Atmocreations picture Atmocreations · Feb 1, 2011 · Viewed 63.2k times · Source

Does anybody have an idea how to statically compile any resource file right into the executable or the shared library file using GCC?

For example I'd like add image files that never change (and if they do, I'd have to replace the file anyway) and wouldn't want them to lie around in the file system.

If this is possible (and I think it is because Visual C++ for Windows can do this, too), how can I load the files which are stored in the own binary? Does the executable parse itself, find the file and extract the data out of it?

Maybe there's an option for GCC I haven't seen yet. Using search engines didn't really spit out the right stuff.

I would need this to work for shared libraries and normal ELF-executables.

Any help is appreciated

Answer

ndim picture ndim · Feb 1, 2011

Update I have grown to prefer the control John Ripley's assembly .incbin based solution offers and now use a variant on that.

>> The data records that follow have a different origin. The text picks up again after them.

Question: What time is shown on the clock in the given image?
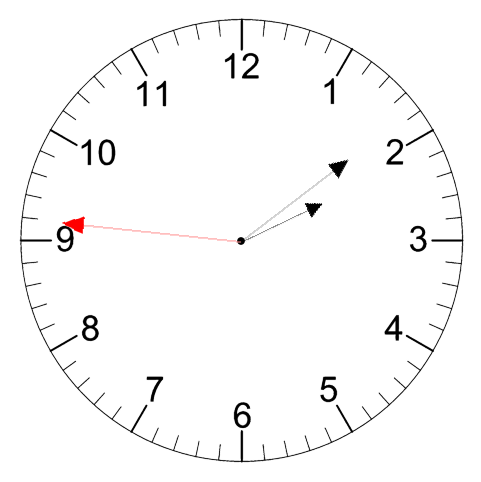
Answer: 02:08:46
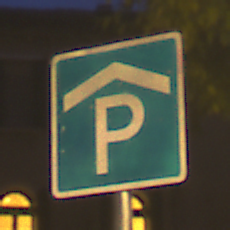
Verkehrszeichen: Parkhaus
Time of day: Night
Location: Outdoor (Urban)
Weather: Clear
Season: NotSpecified
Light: Artificial
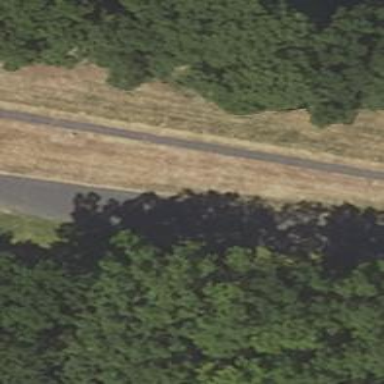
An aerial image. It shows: Passing place on the road.
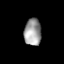
Tissue: lung
Cell type: Epithelial cells
Senescence score: 0.1333
Nuclear area (px): 453
Mean DAPI intensity: 155.923
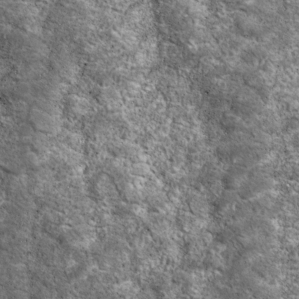
Label: non_frost
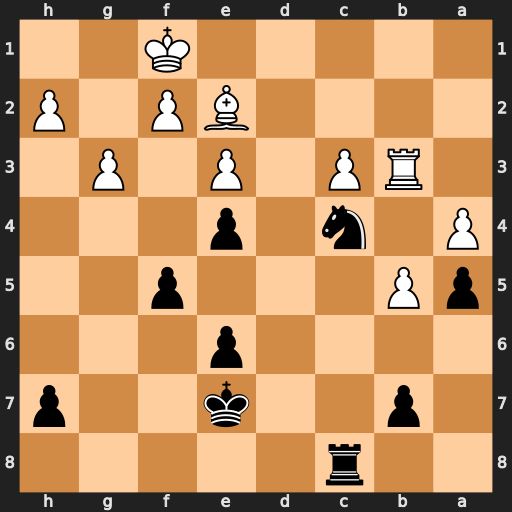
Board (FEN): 2r5/1p2k2p/4p3/pP3p2/P1n1p3/1RP1P1P1/4BP1P/5K2
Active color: b
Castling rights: -
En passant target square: -
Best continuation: Nd2+ Ke1 Nxb3
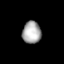
Tissue: skin
Cell type: Epithelial cells
Senescence score: 0.2791
Nuclear area (px): 405
Mean DAPI intensity: 169.61
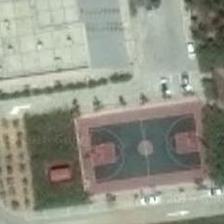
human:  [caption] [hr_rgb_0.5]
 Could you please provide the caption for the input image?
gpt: the baksetball court in front of the white building is decorated by all kinds of plants .

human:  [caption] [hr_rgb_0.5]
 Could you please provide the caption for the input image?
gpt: a basketball field is next to a white building .

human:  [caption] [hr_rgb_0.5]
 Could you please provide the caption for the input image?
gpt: a basketball field is next to several green trees and a large building .

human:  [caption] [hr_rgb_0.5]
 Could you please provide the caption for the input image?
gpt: a basketball field is near a building and several green trees .

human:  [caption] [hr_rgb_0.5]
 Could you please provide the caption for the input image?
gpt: a basketball field is next to several green trees and a large building .
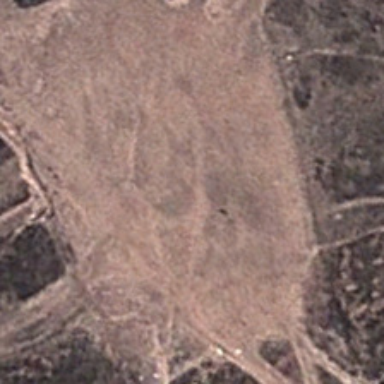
Many green plants are around a irregular bareland .
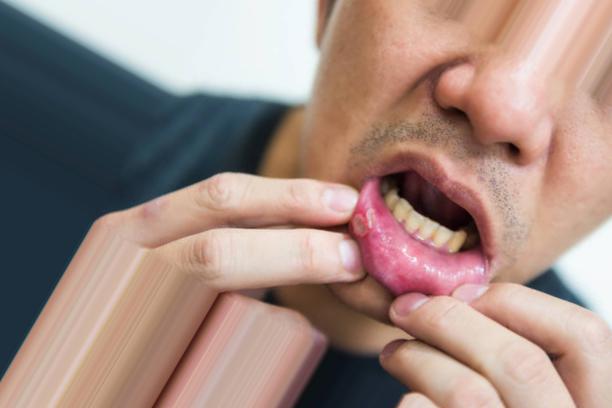
Condition: Mouth Ulcer
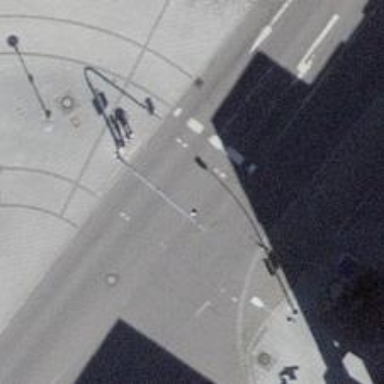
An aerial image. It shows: Crossing with traffic signals.
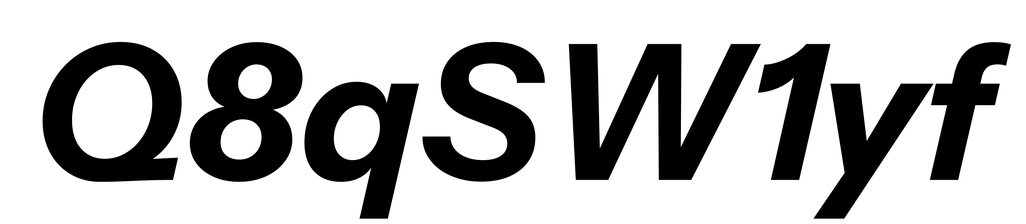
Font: InstrumentSans-Italic_Bold_Italic
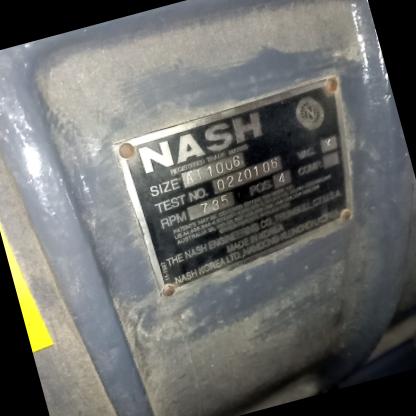
Klasa: tabliczka-znamionowa
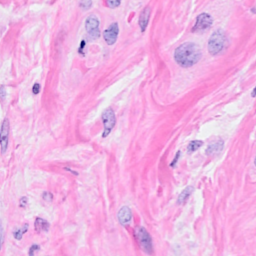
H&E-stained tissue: Breast
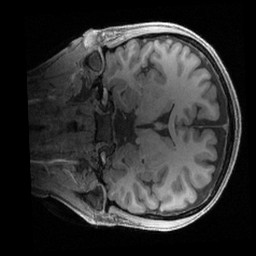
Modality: T1w
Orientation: coronal
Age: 25
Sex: female
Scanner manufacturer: siemens
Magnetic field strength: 3 T
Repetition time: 2.4 s
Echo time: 0.00241 s
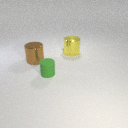
large yellow metal cylinder behind small green rubber cylinder
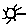
Label: sun
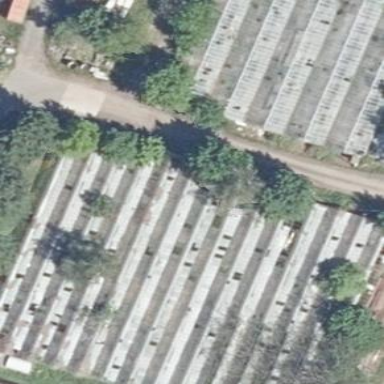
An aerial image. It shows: Greenhouse.
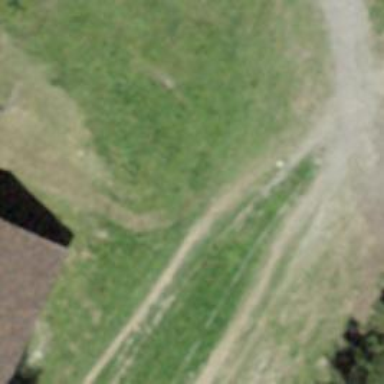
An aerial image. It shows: Excellent dirt path trail.
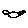
Label: bird
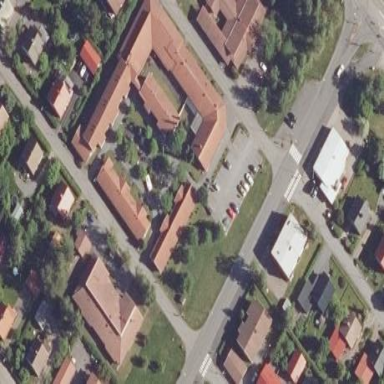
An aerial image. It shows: Nursing home building.
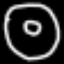
Label: donut
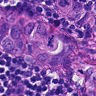
Metastatic tissue present: yes
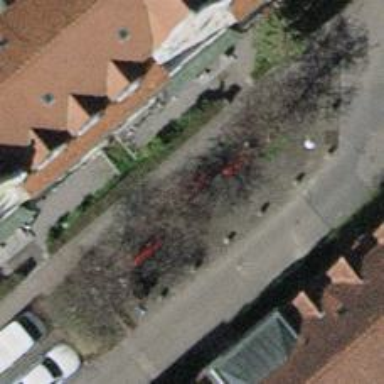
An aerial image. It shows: Red bench.
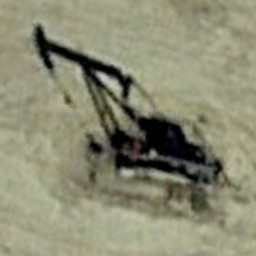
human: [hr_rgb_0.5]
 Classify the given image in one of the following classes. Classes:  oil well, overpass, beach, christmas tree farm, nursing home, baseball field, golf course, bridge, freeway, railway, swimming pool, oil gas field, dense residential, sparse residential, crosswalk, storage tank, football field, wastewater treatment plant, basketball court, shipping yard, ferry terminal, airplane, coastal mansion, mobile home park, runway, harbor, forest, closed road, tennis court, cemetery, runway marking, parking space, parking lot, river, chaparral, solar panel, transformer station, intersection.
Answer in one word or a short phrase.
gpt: oil well
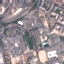
Land use / land cover class: Industrial
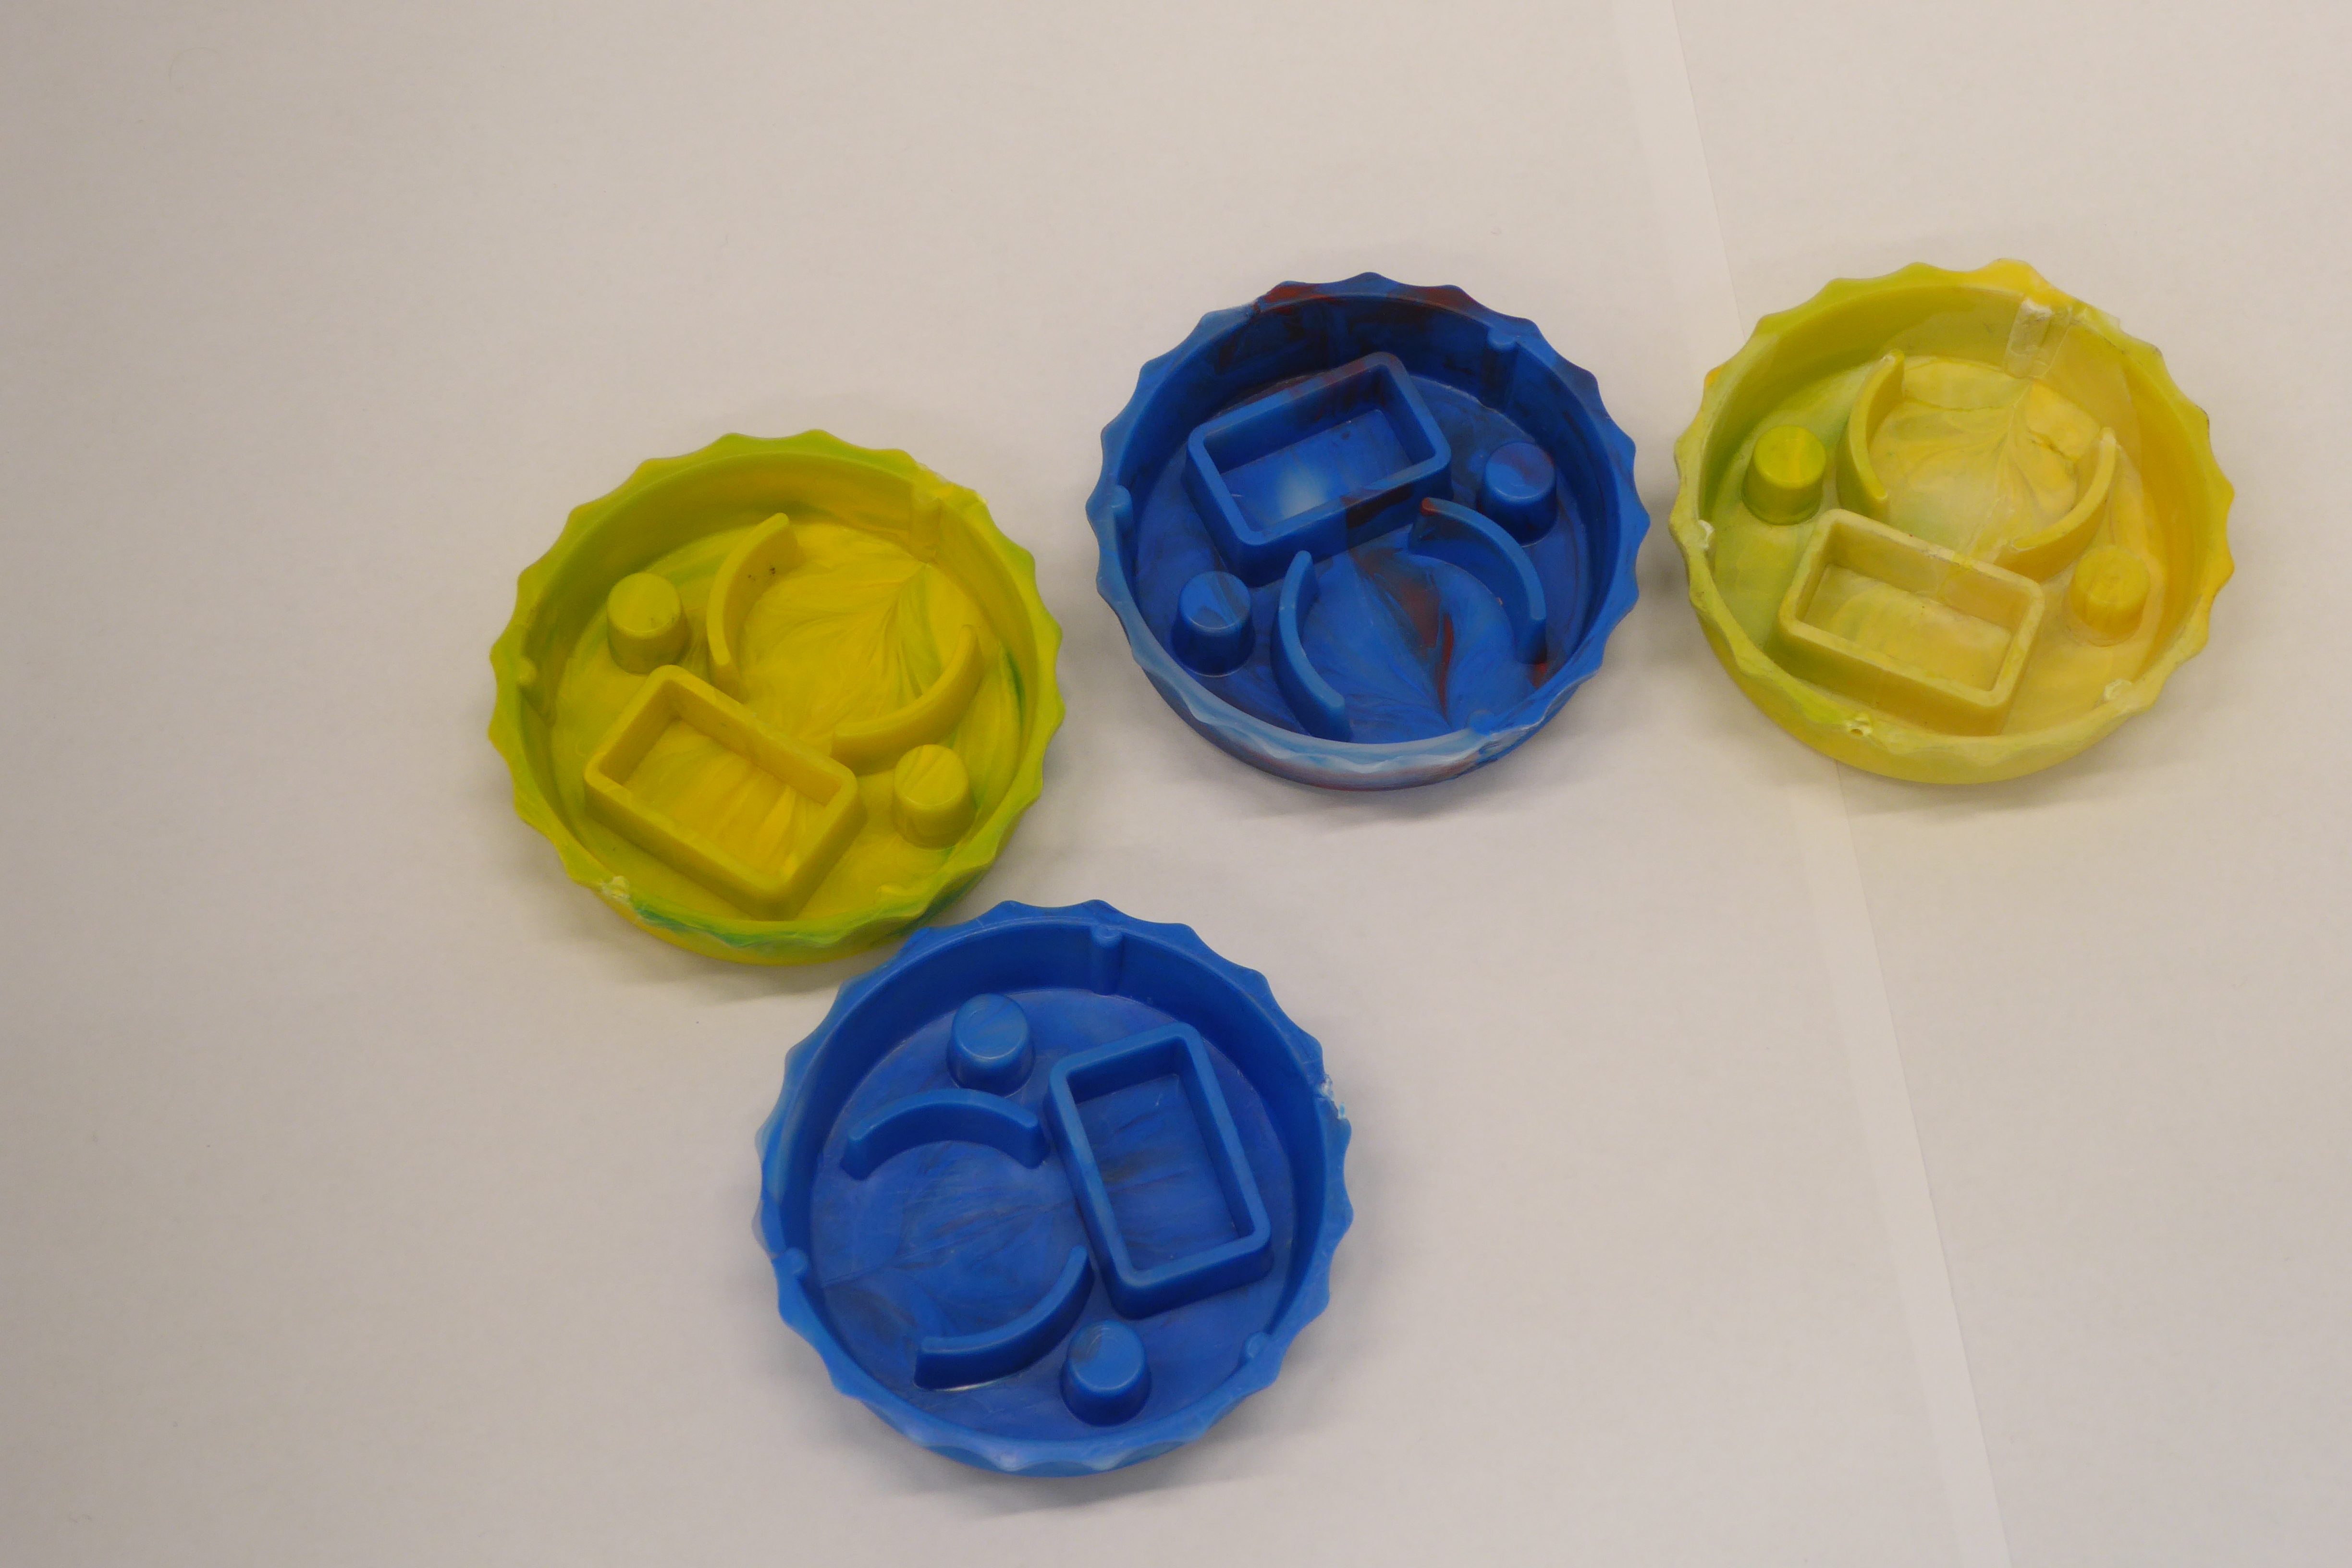
Label: Bottle Opener - Cover
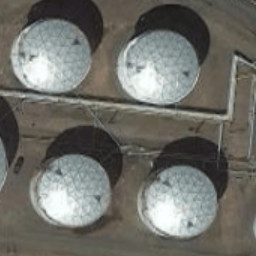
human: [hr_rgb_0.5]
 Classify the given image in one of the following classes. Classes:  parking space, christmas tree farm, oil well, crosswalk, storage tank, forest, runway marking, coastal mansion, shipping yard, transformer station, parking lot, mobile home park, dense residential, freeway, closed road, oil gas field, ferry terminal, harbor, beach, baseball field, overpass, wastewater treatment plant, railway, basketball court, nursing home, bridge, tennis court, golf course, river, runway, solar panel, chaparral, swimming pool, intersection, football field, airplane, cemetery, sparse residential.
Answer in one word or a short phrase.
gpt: storage tank
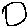
Label: circle
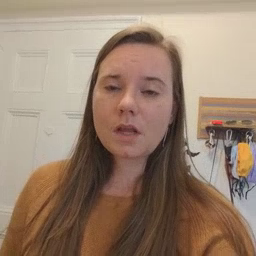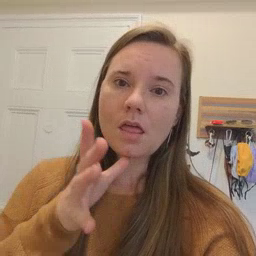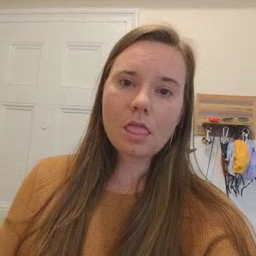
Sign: hate
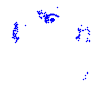
Particle: proton
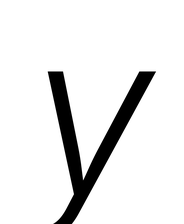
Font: Inter-Italic_Light_Italic
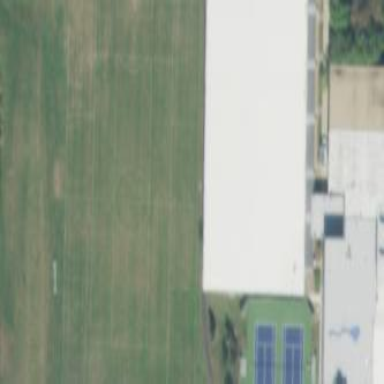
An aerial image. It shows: Soccer pitch for outdoor sports and leisure activities.
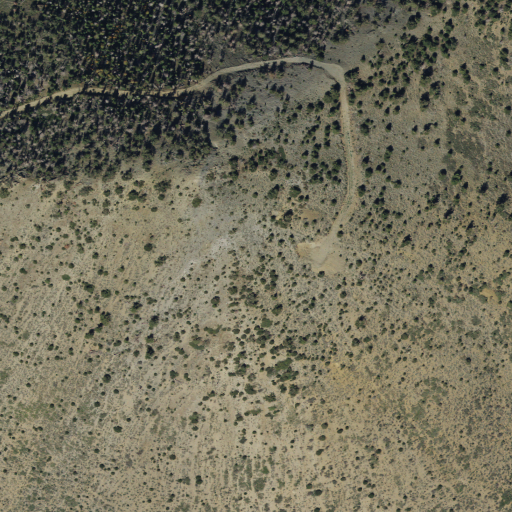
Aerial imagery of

I have used objcopy (GNU binutils) to link the binary data from a file foo-data.bin into the data section of the executable:

objcopy -B i386 -I binary -O elf32-i386 foo-data.bin foo-data.o

This gives you a foo-data.o object file which you can link into your executable. The C interface looks something like

/** created from binary via objcopy */
extern uint8_t foo_data[]      asm("_binary_foo_data_bin_start");
extern uint8_t foo_data_size[] asm("_binary_foo_data_bin_size");
extern uint8_t foo_data_end[]  asm("_binary_foo_data_bin_end");

so you can do stuff like

for (uint8_t *byte=foo_data; byte<foo_data_end; ++byte) {
    transmit_single_byte(*byte);
}

or

size_t foo_size = (size_t)((void *)foo_data_size);
void  *foo_copy = malloc(foo_size);
assert(foo_copy);
memcpy(foo_copy, foo_data, foo_size);

If your target architecture has special constraints as to where constant and variable data is stored, or you want to store that data in the .text segment to make it fit into the same memory type as your program code, you can play with the objcopy parameters some more.